"D. U. I."
One night a police officer was staking out a particularly
rowdy bar for possible DUI violations. At closing time,
he saw a fellow tumble out of the bar, trip on the curb,
and try his keys in five different cars before he found his.
Then he sat in the front seat fumbling around with his
keys for several minutes.
Everyone else left the bar and drove off. Finally he started
his engine and began to pull away. The police officer was
waiting for him. He stopped the driver, read him his rights
and administered the Breathalyzer test. The results showed
a reading of 0.0. The puzzled officer demanded to know
how that could be.
The driver replied, "Tonight I'm the designated decoy."

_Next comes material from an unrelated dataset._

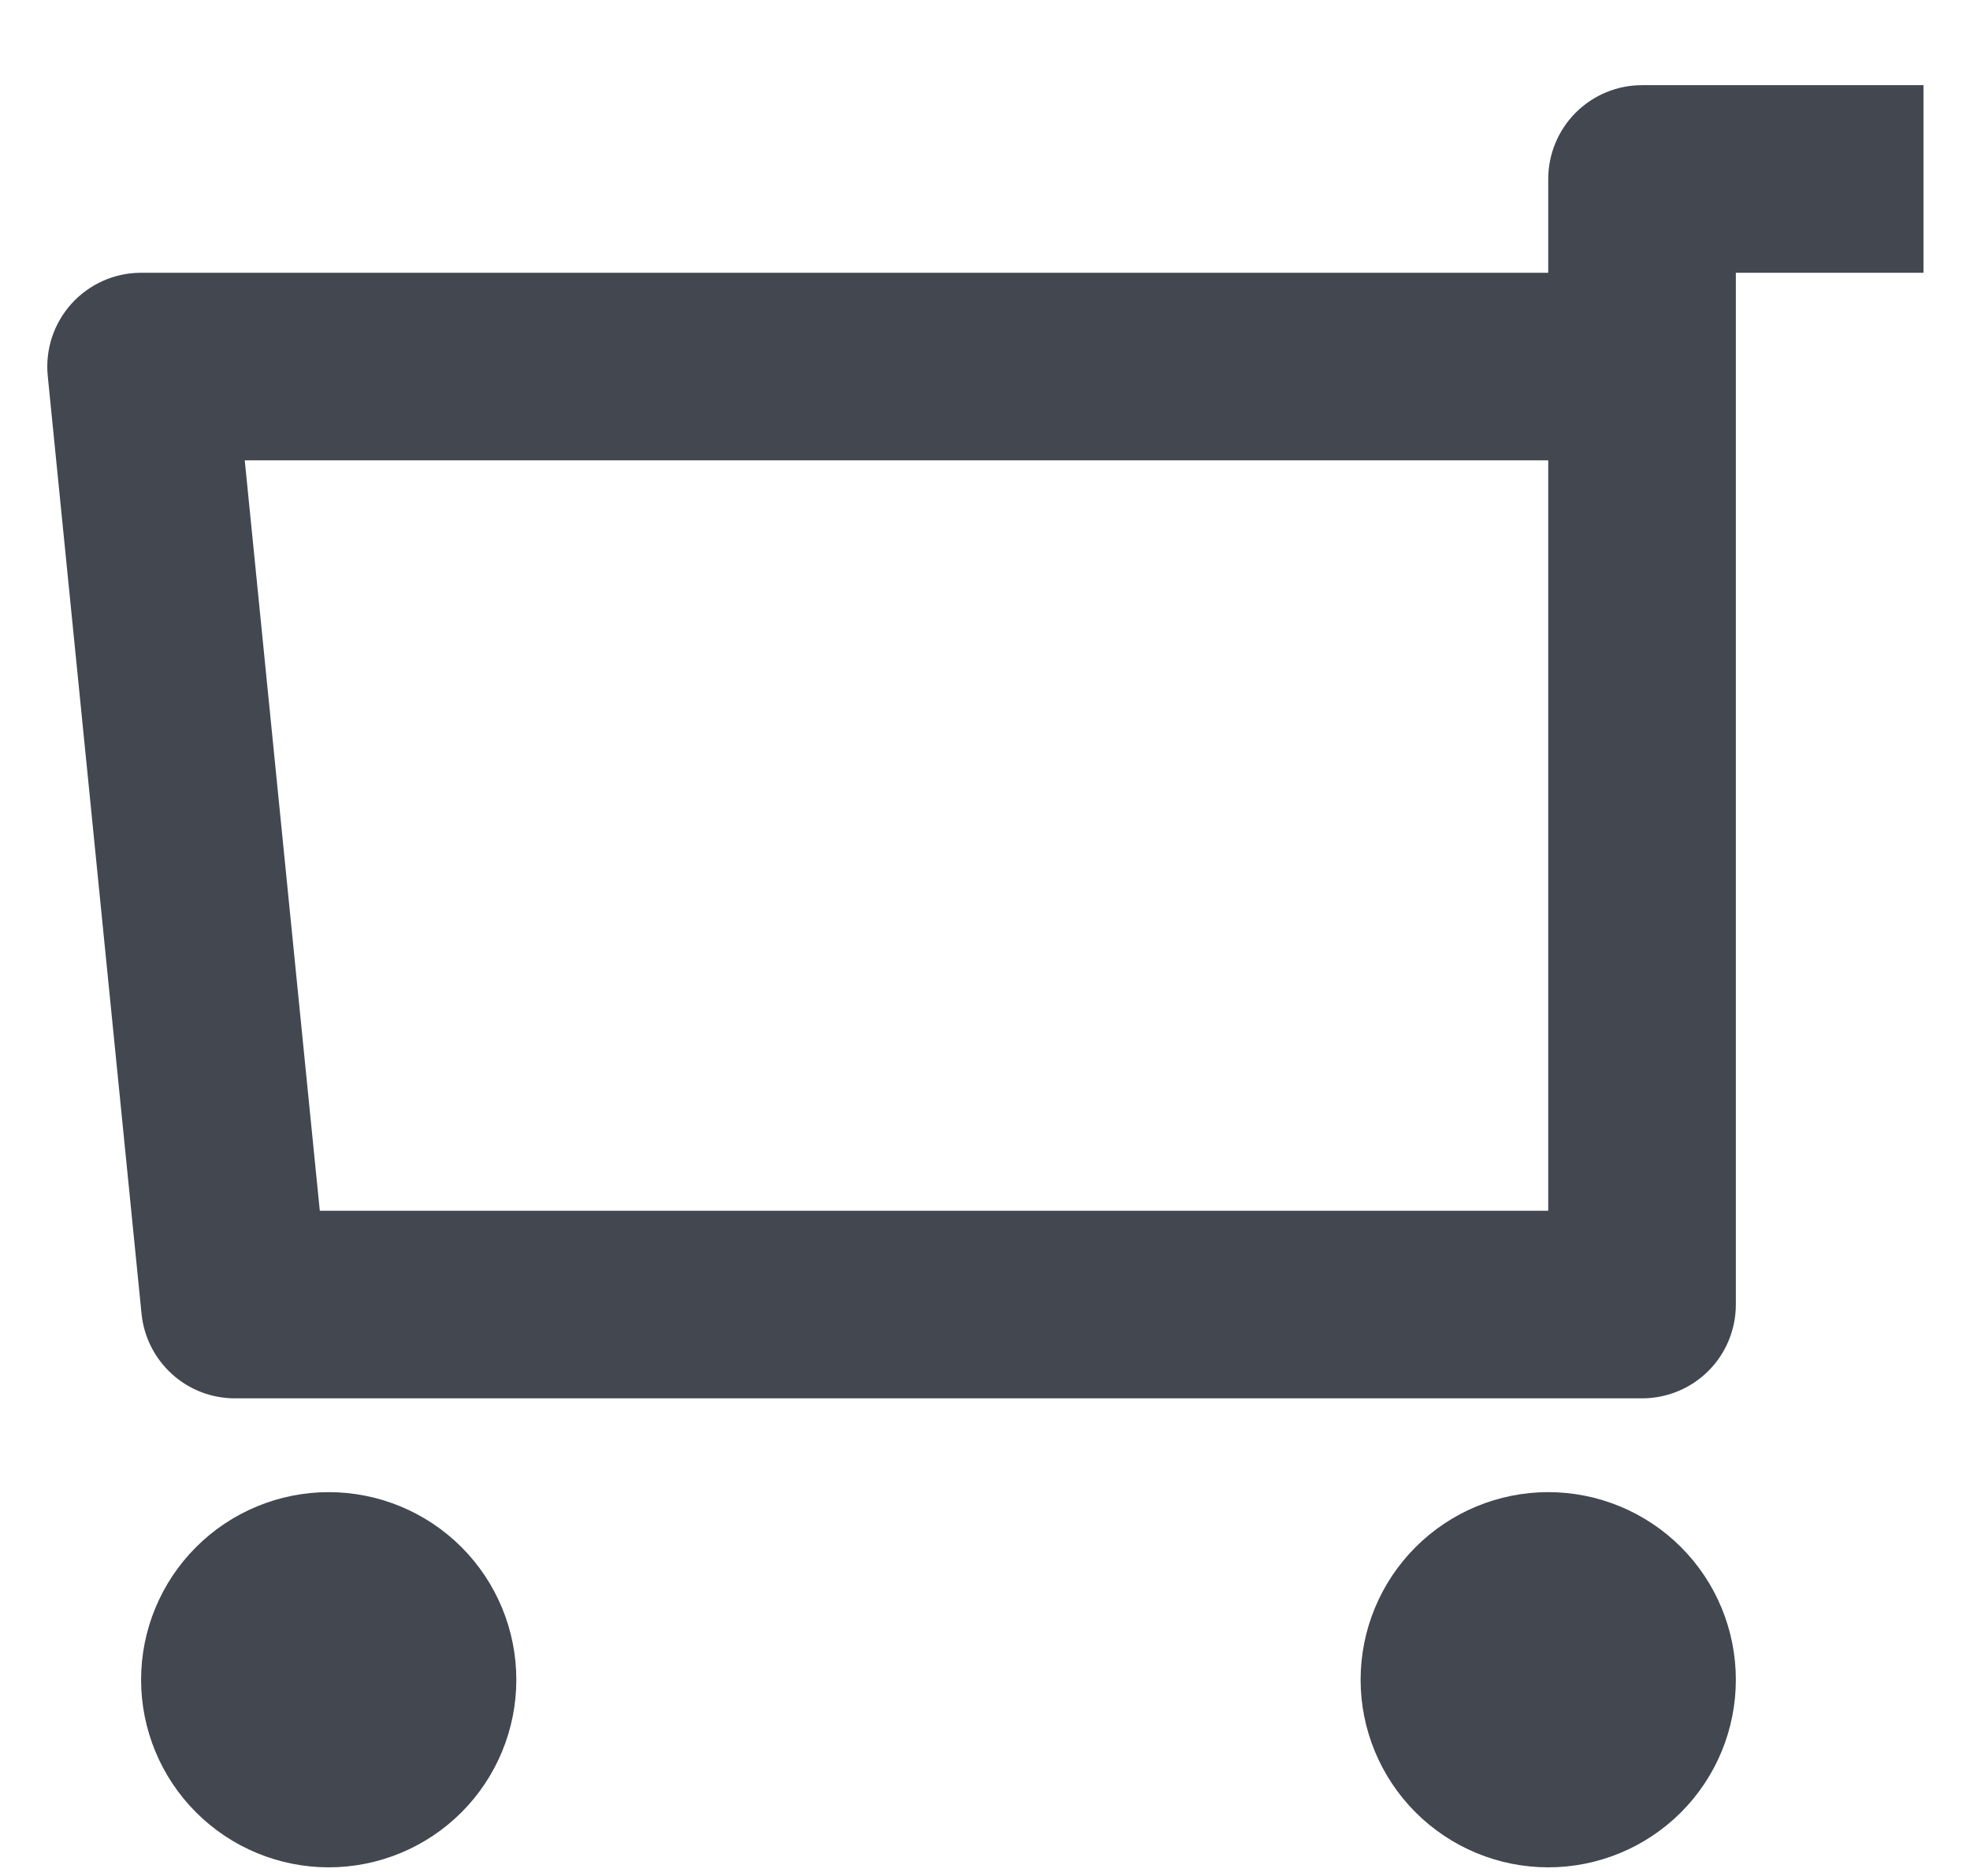 <svg width="21" height="20" viewBox="0 0 21 20" fill="none" xmlns="http://www.w3.org/2000/svg">
<path fill-rule="evenodd" clip-rule="evenodd" d="M18.504 2.908H20.504V0.908H17.504C17.239 0.908 16.985 1.013 16.797 1.201C16.61 1.388 16.504 1.643 16.504 1.908V2.908H1.504C1.365 2.908 1.226 2.937 1.099 2.994C0.971 3.051 0.857 3.133 0.763 3.237C0.669 3.341 0.598 3.463 0.554 3.596C0.511 3.728 0.495 3.869 0.509 4.008L1.509 14.008C1.534 14.255 1.65 14.483 1.834 14.65C2.017 14.816 2.256 14.908 2.504 14.908H17.504C17.77 14.908 18.024 14.803 18.212 14.615C18.399 14.428 18.504 14.173 18.504 13.908V2.908ZM16.504 19.908C15.974 19.908 15.465 19.697 15.09 19.322C14.715 18.947 14.504 18.438 14.504 17.908C14.504 17.378 14.715 16.869 15.09 16.494C15.465 16.119 15.974 15.908 16.504 15.908C17.035 15.908 17.544 16.119 17.919 16.494C18.294 16.869 18.504 17.378 18.504 17.908C18.504 18.438 18.294 18.947 17.919 19.322C17.544 19.697 17.035 19.908 16.504 19.908ZM3.504 19.908C2.974 19.908 2.465 19.697 2.09 19.322C1.715 18.947 1.504 18.438 1.504 17.908C1.504 17.378 1.715 16.869 2.09 16.494C2.465 16.119 2.974 15.908 3.504 15.908C4.035 15.908 4.544 16.119 4.919 16.494C5.294 16.869 5.504 17.378 5.504 17.908C5.504 18.438 5.294 18.947 4.919 19.322C4.544 19.697 4.035 19.908 3.504 19.908ZM16.504 12.908V4.908H2.609L3.409 12.908H16.504Z" fill="#424750"/>
</svg>

********************************
"The Last Request"
Two men, sentenced to die in the electric chair on the same
day, were led down to the room in which they would meet
their maker. The priest had given them last rites, the
formal speech had been given by the warden, and a final
prayer had been said among the participants.
The warden, turning to the first man, solemnly asked, "Son,
do you have a last request?"
To which the man replied, "Yes sir, I do. I love dance
music. Could you please play the Macarena for me one last
time?"
"Certainly," replied the warden. He turned to the other man
and asked, "Well, what about you, son? What is your final
request?"
"Please," said the condemned man, "kill me first."